HexGen can be launched in head node coordinator modes by:

bash scripts/run_head.sh

Activating Worker Nodes

HexGen can be launched in worker modes by a similar command, except that you should modify the file ./third_party/ocf/ocf-core/config/cfg.yaml, the p2p addr should be as similar format as "/ip4/{Pubilc_IP}/tcp/43905/p2p/{Peer_ID}", you could replace {Public_IP} as your own head coordinator's IP address and {Peer_ID} as its peer ID:

bash scripts/run_worker.sh

Activating Independent Inference Process

To initiate an independent inference process without involving the coordinator, navigate to the hexgen/llama directory and execute the following command:

bash scripts/run_llama_inference.sh

You have the flexibility to customize various inputs to tailor your inference task according to your specific requirements. The model_msg object can be adjusted with different parameters, as shown in the example below:

model_msg = {
    'prompt': "Do you like yourself ?",  # Define your own prompt here
    'max_new_tokens': 128,               # Set the maximum number of new tokens
    'temperature': 0.2,                  # Adjust the randomness in response generation
    'top_k': 20,                         # Specify the number of highest probability vocabulary tokens to keep for top-k sampling
    'top_p': 0.9,                        # Set the cumulative probability threshold for top-p (nucleus) sampling
}

Asymmetric Parallel Group Support in HexGen

Tensor Model Parallelism and Pipeline Parallelism

Two methods are used to distribute the workload of training large deep learning models across multiple computing units.

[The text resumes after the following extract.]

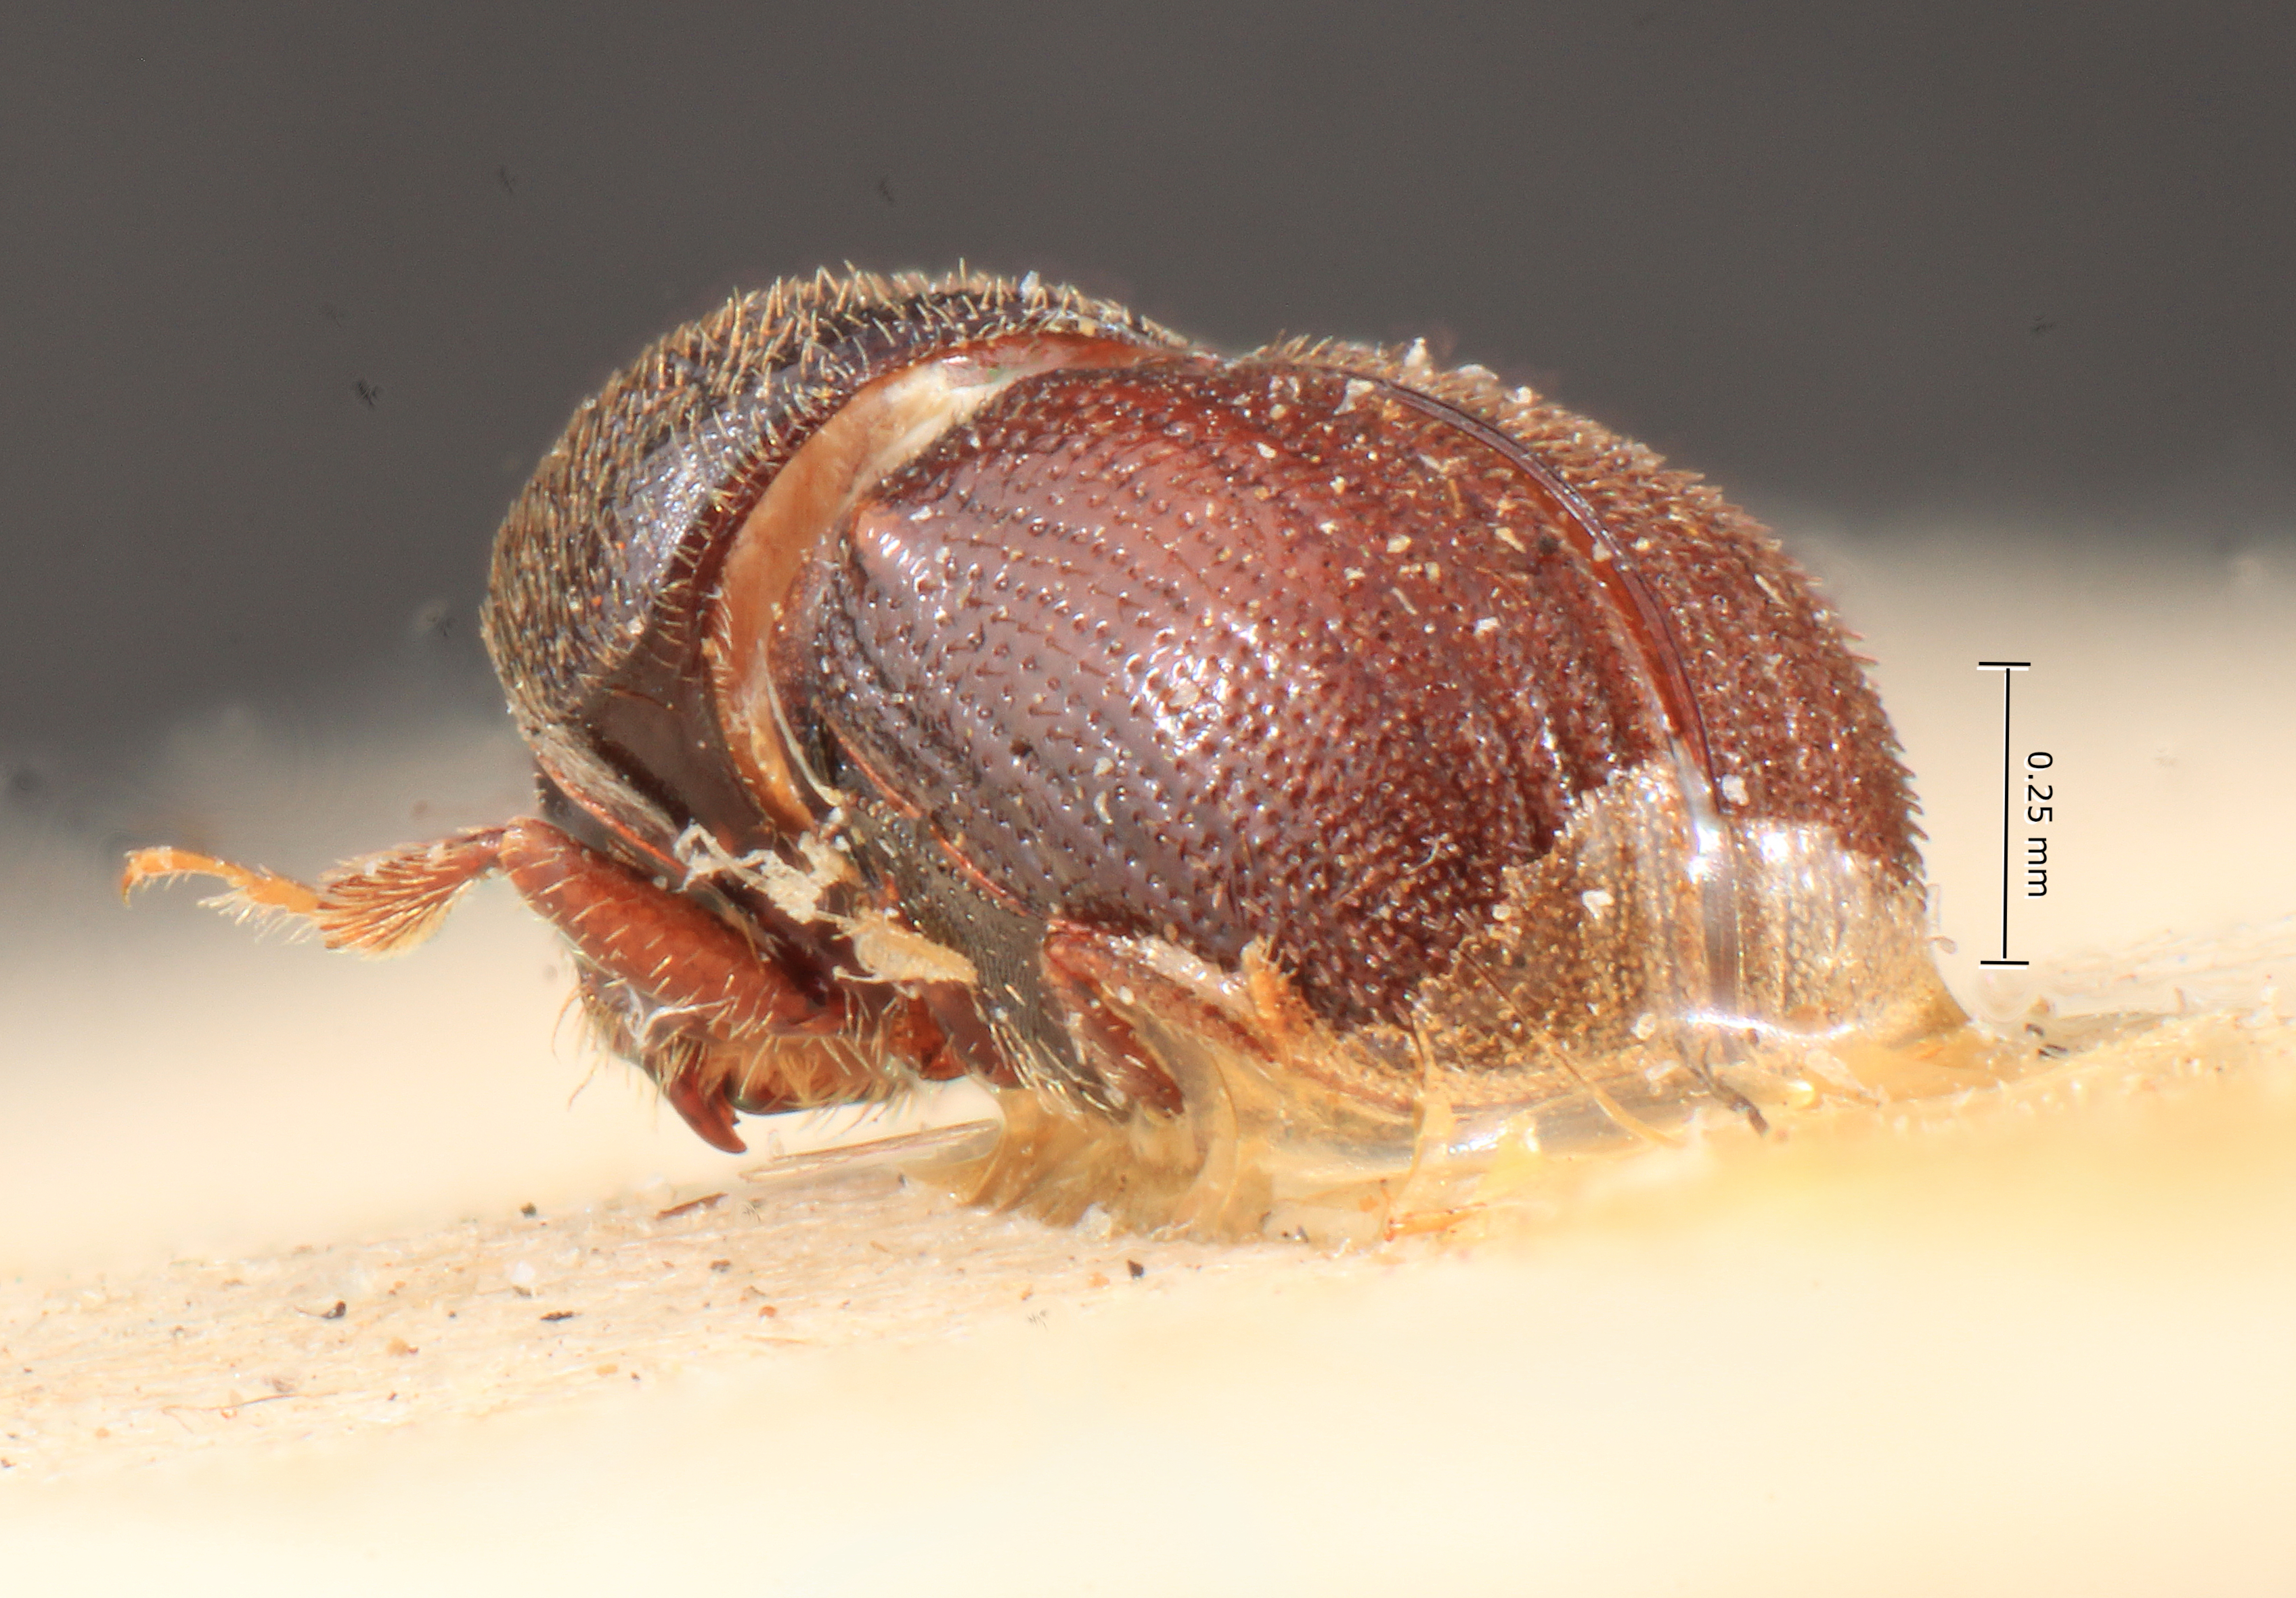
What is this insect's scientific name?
Cryphalomorphus communis

Tensor Model Parallelism splits the model's layers or components across different processors.
Pipeline Parallelism divides the process into different stages, with each stage being processed on a different set of processors.

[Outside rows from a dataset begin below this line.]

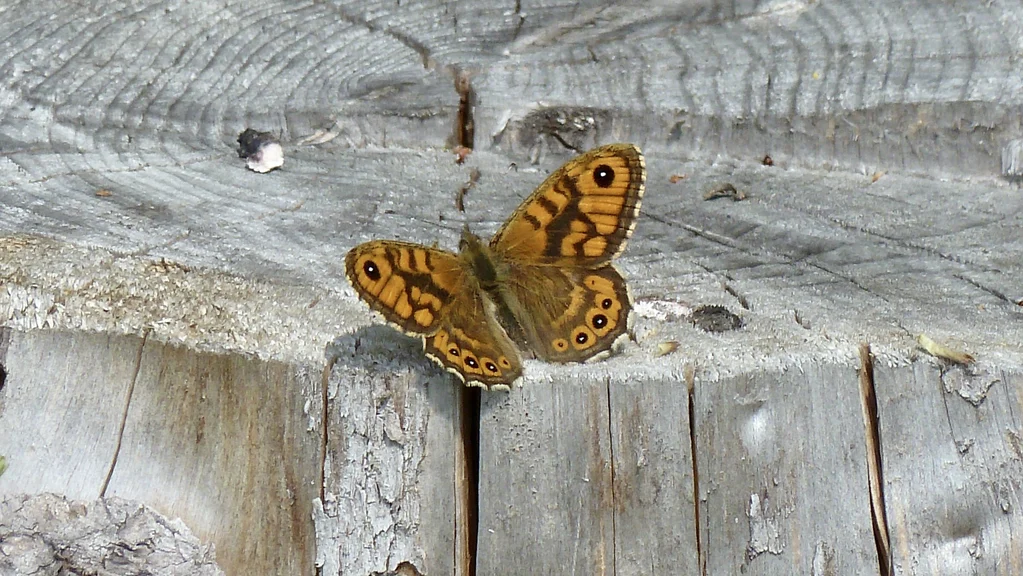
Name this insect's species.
Lasiommata megera (also Pararge megera)
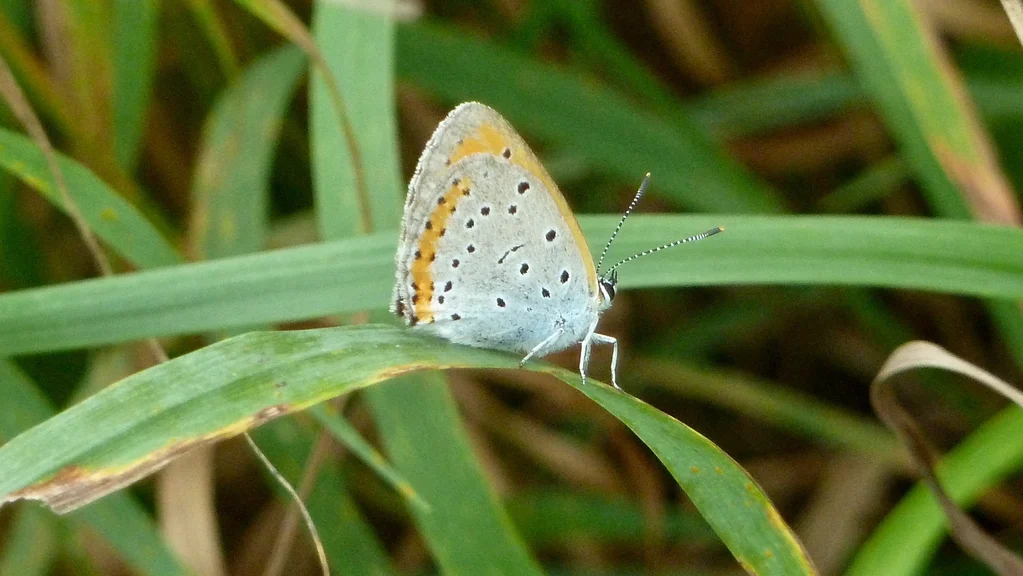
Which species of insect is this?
Lycaena dispar
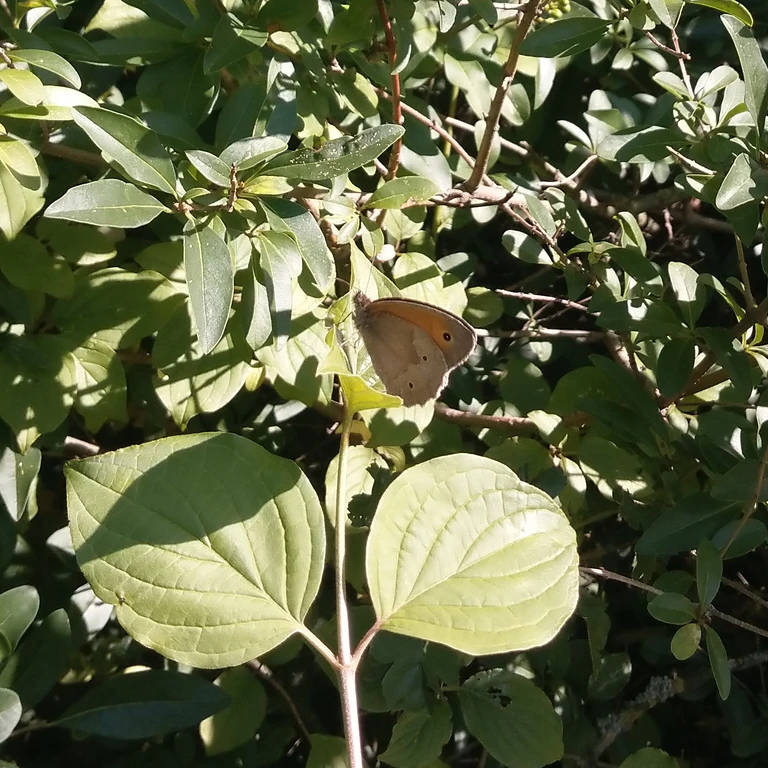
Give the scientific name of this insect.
Maniola jurtina
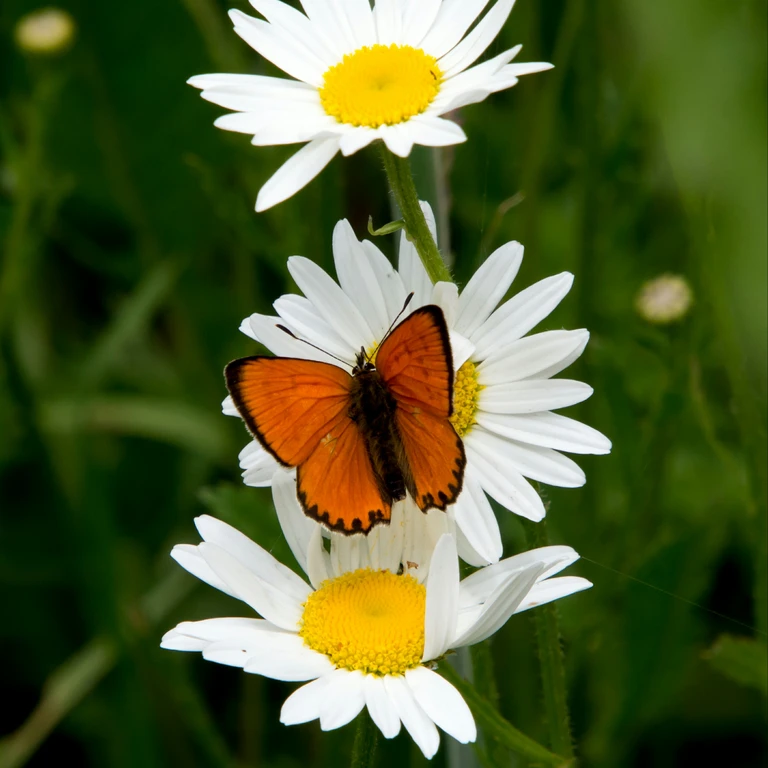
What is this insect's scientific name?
Lycaena virgaureae

Asymmetric Parallel Group Support

HexGen introduces a novel approach with its Asymmetric Parallel Group Support, driven by two critical parameters: --hetero_config and --pp_partition.

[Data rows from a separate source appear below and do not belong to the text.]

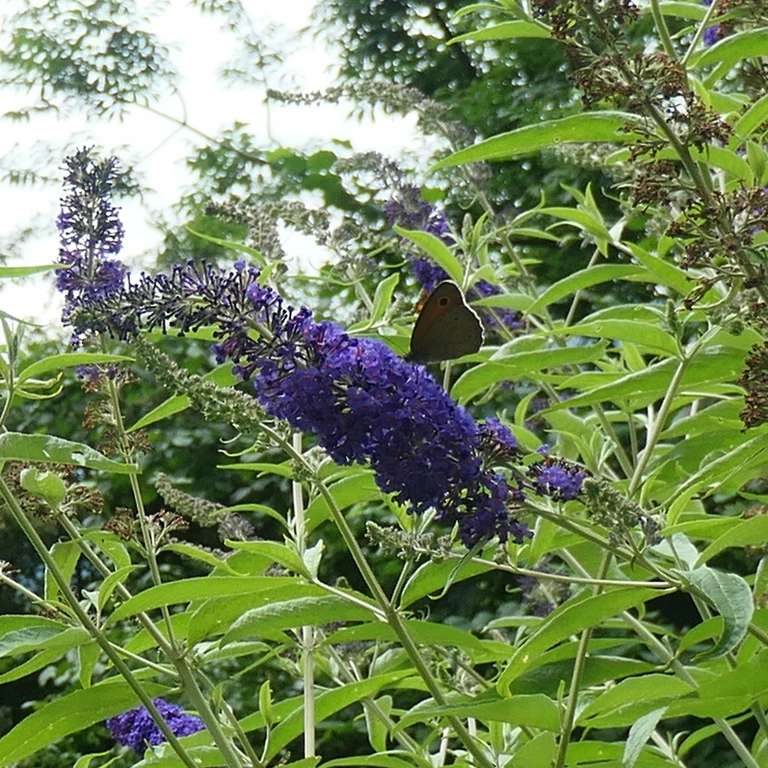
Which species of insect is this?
Maniola jurtina
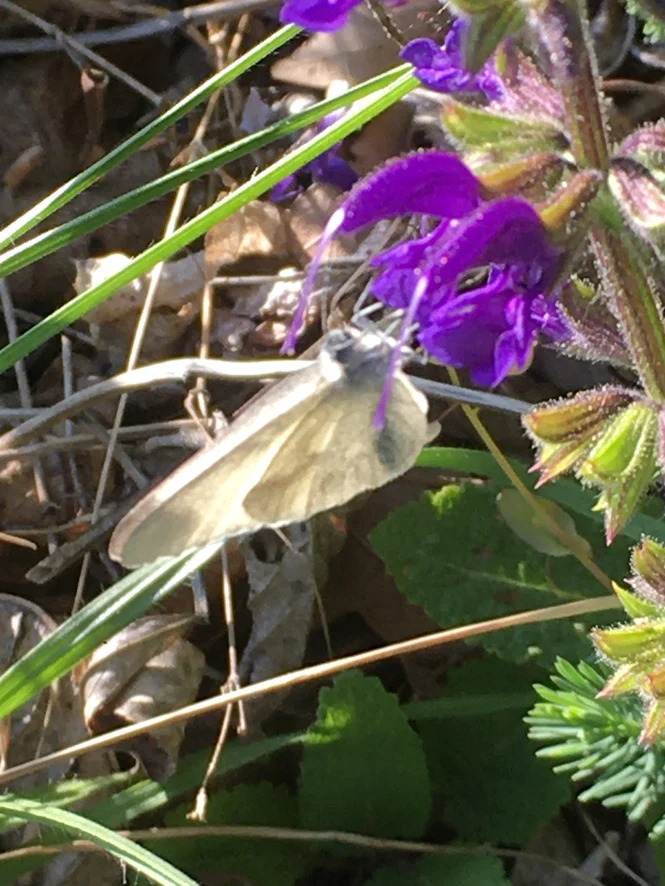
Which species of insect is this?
Leptidea sinapis/juvernica
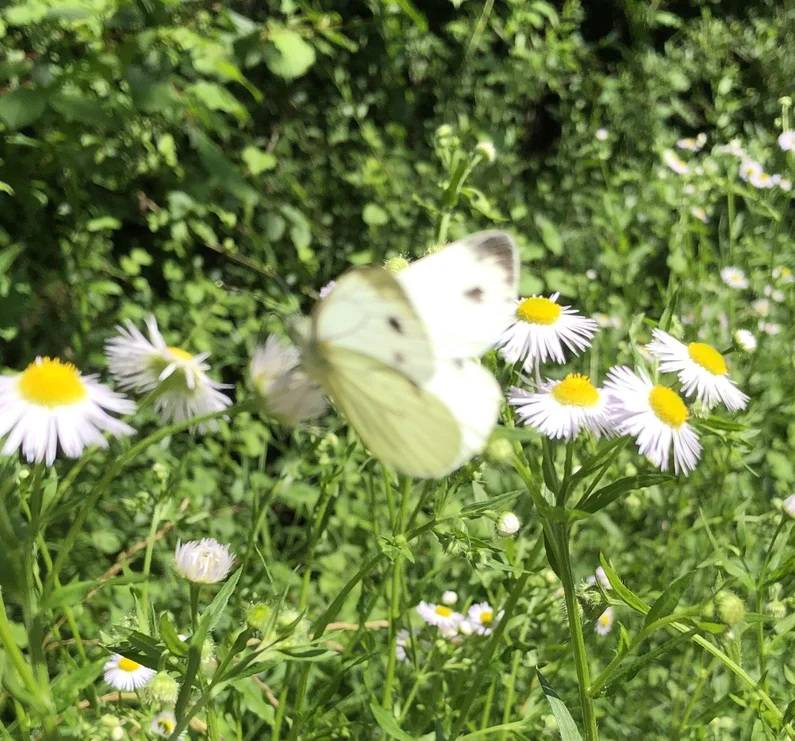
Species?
Pieris napi

--hetero_config: This parameter allows for the specification of varying TP degrees for each pipeline stage. For instance, a setting like 4 2 2 configures a three-stage pipeline with respective TP degrees of 4, 2, and 2, showing HexGen's adaptability.
--pp_partition: This parameter complements --hetero_config by managing the distribution of model layers across the pipeline stages. A combination like 40 20 20 with a hetero_config of 4 2 2 signifies an optimized layer distribution, illustrating HexGen's capability for precision tuning according to model needs and hardware constraints.

HexGen can be launched with asymmetric parallel group by:

python3 -m torch.distributed.launch --nproc_per_node=8 --master_port 9996 llama_inference.py \
--model_size llama-70b \
--hetero_config 2 2 4 \
--pp_partition 20 20 40 \

Performance Results

Experimental findings provide a detailed comparison of cost-performance trade-offs across different configurations and implementations, with a focus on achieving Service Level Objectives (SLO) in various environments:

HexGen with Asymmetric Parallel Group Support (Full Budget, Heterogeneous Setting): This configuration can achieve up to 2.3× lower latency and can handle peak request rates up to 4× higher than FlashAttention in a homogeneous setting, demonstrating significant performance enhancement.
HexGen (Half Budget, Heterogeneous Setting): Even with a halved budget, HexGen can still slightly outperform FlashAttention in a homogeneous environment, showcasing its ability to efficiently utilize heterogeneous GPUs.
Asymmetric vs. Symmetric Parallelism in HexGen (Full Budget, Heterogeneous Setting): The integration of asymmetric parallelism into HexGen can lead to up to 1.8× improvement in meeting lower latency deadlines and can manage peak traffic rates up to 2× higher than its symmetric parallelism counterpart.